The ancient writers simply destroy the silly argument that the Greek word stauros meant a single piece as in a stake:
Such are his verbal offences against man; his offences in deed remain. Men weep, and bewail their lot, and curse Cadmus with many curses for introducing Tau (Τ) into the family of letters; they say it was his body that tyrants took for a model, his shape that they imitated, when they set up the erections on which men are crucified. Σταυρός (stauros) the vile engine is called, and it derives its vile name from him. Now, with all these crimes upon him, does he not deserve death, nay, many deaths? For my part I know none bad enough but that supplied by his own shape–that shape which he gave to the gibbet named σταυρός after him by men.-Pseudo-Lucian, Trial in the Court of Vowels
Therefore, the use of the Greek word strauros in Roman times can only mean the T shaped cross. No one, be it Hebrew Roots or others who insist on a stake can any longer refute this.
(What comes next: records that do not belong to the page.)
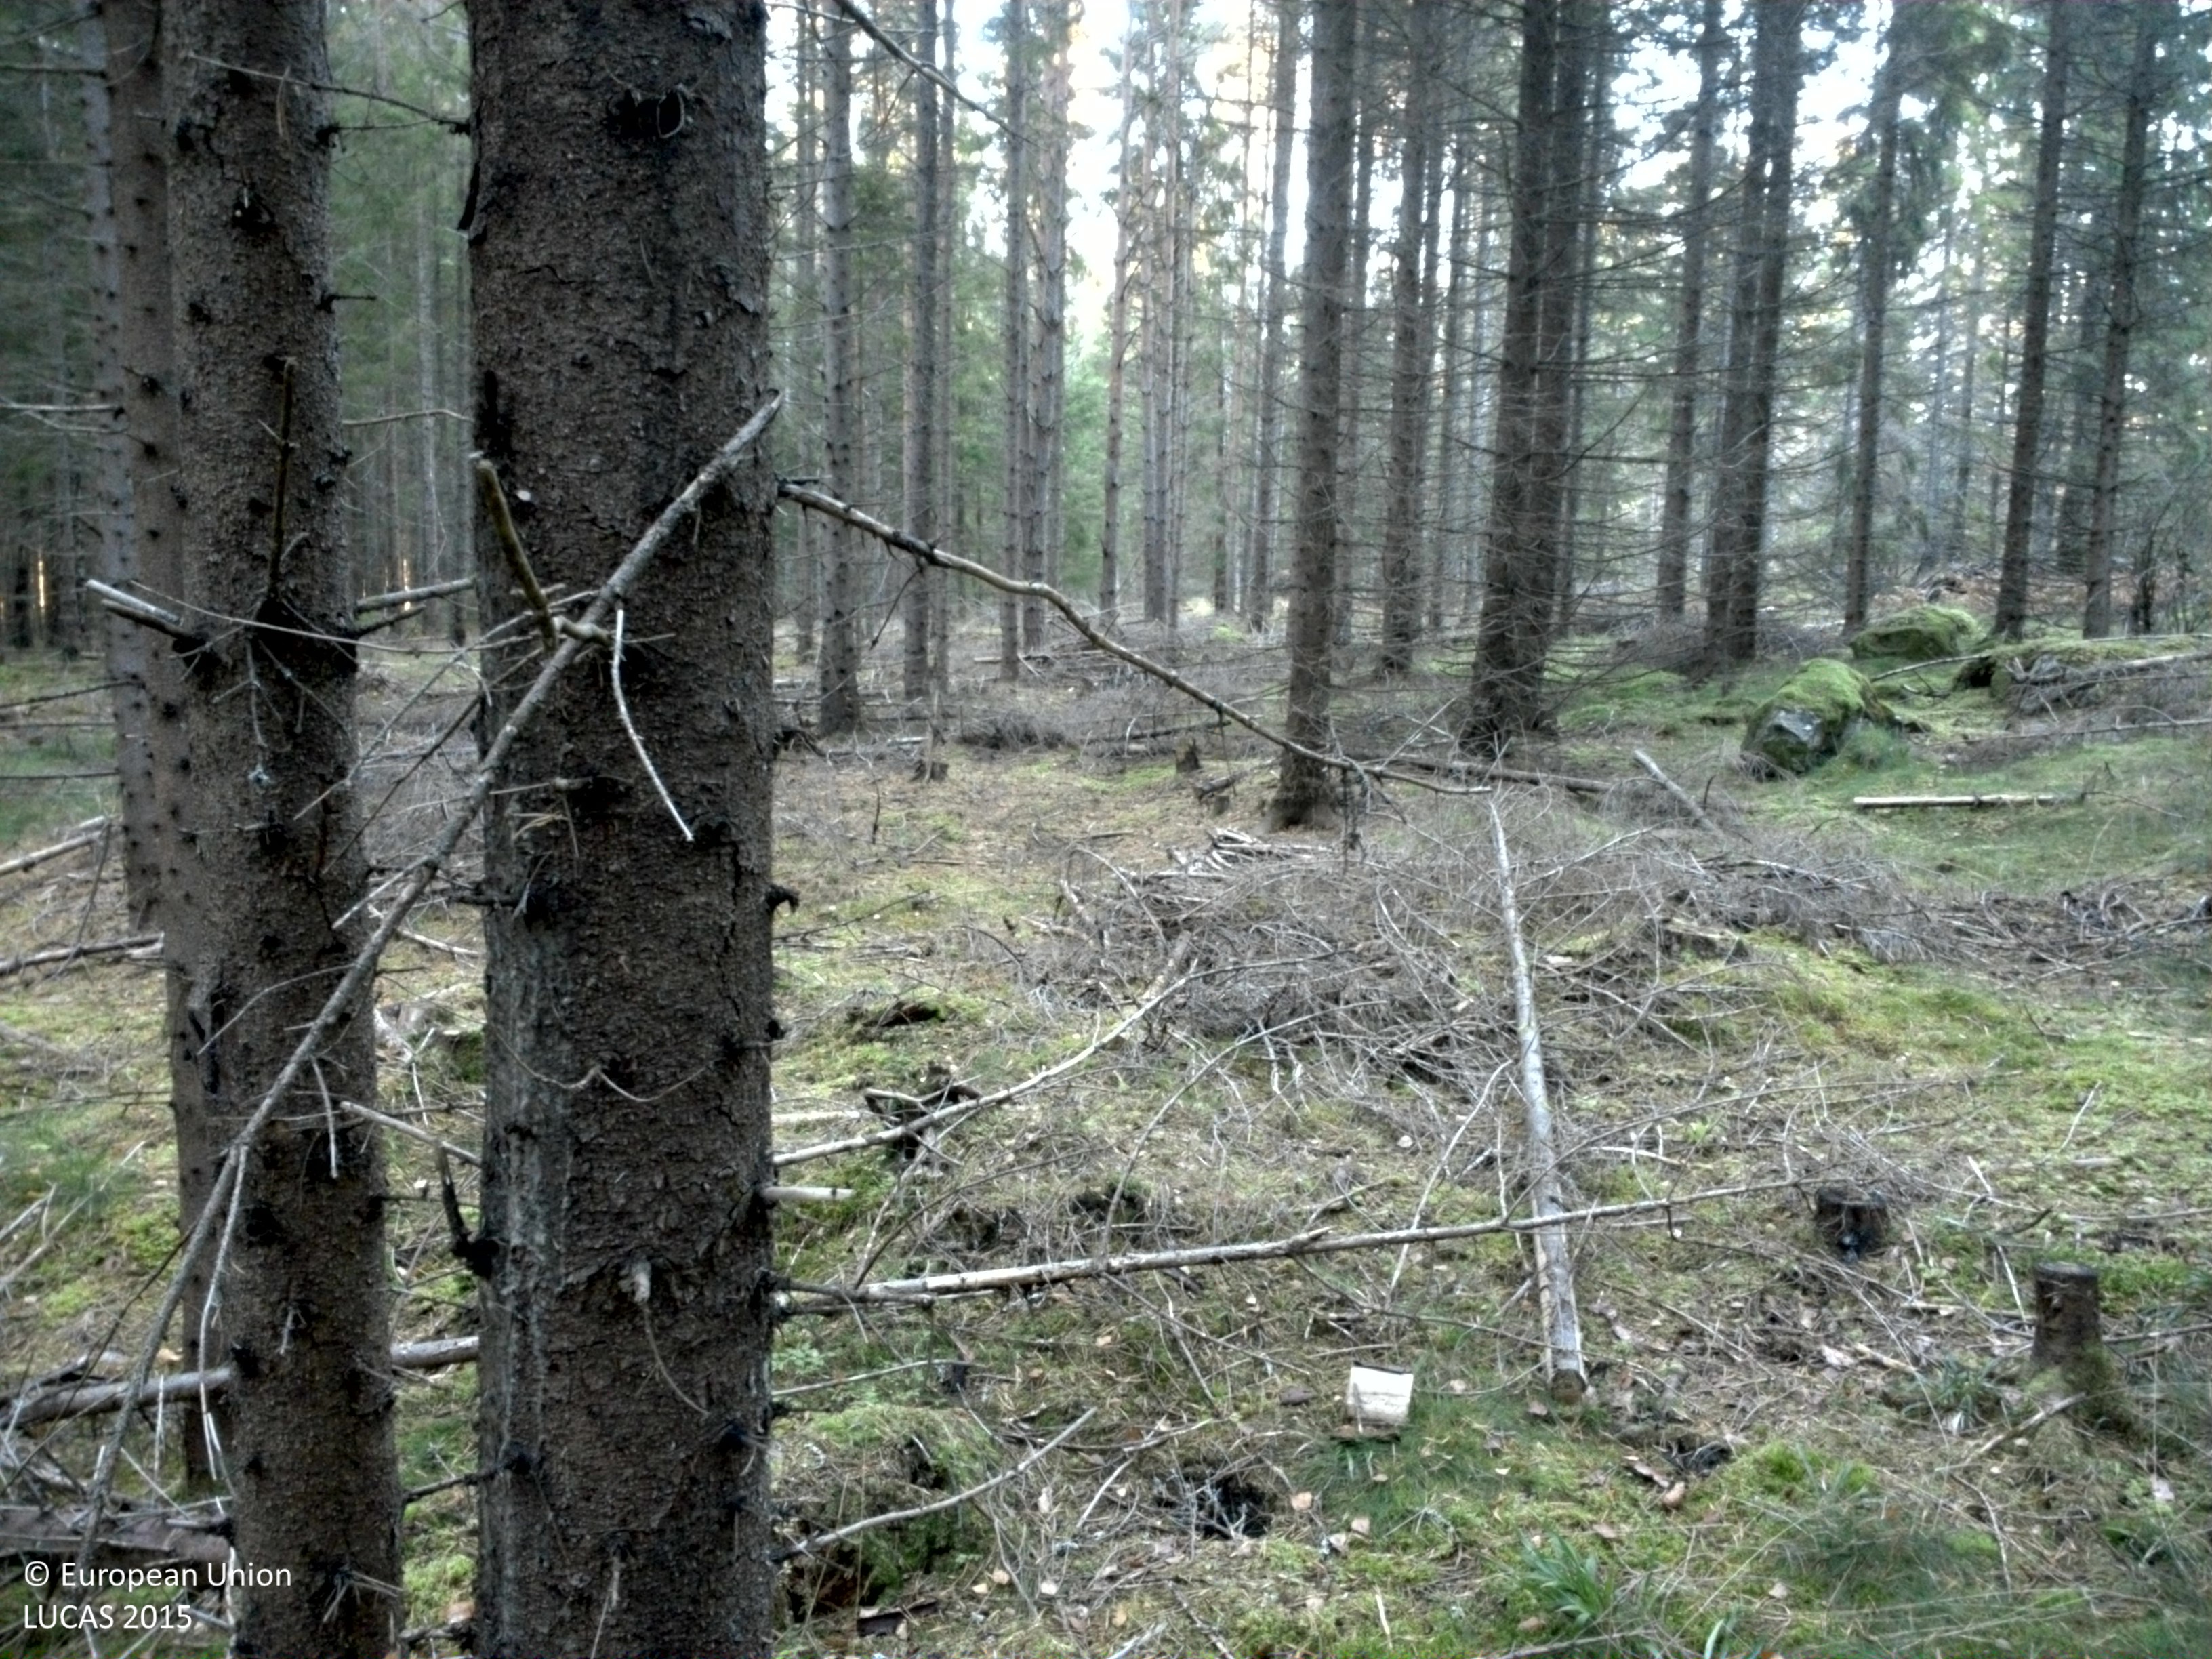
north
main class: Woodland
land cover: Spruce dominated coniferous woodland
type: boreal forest
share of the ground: 25 - 50 %
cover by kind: coniferous forest trees 50 %, lichens and mosses 40 %, shrubs 5 %, herbaceous plants 5 %
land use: Forestry
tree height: > 5 m
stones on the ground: 25 - 50 %
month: October
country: SE
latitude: 59.1367
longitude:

It is certain only that the Romans practised this form of execution. But is is most likely that the stauroshad a transverse in the form of a crossbeam. Secular sources do not permit any conclusion to be drawn as to the precise form of the cross, as to whether it was the crux immissa (+) or crux commissa (T). As it was not very common to affix a titlos (superscription, loanword from the Lat. titulus), it does not necessarily follow that the cross had the form of a crux immissa.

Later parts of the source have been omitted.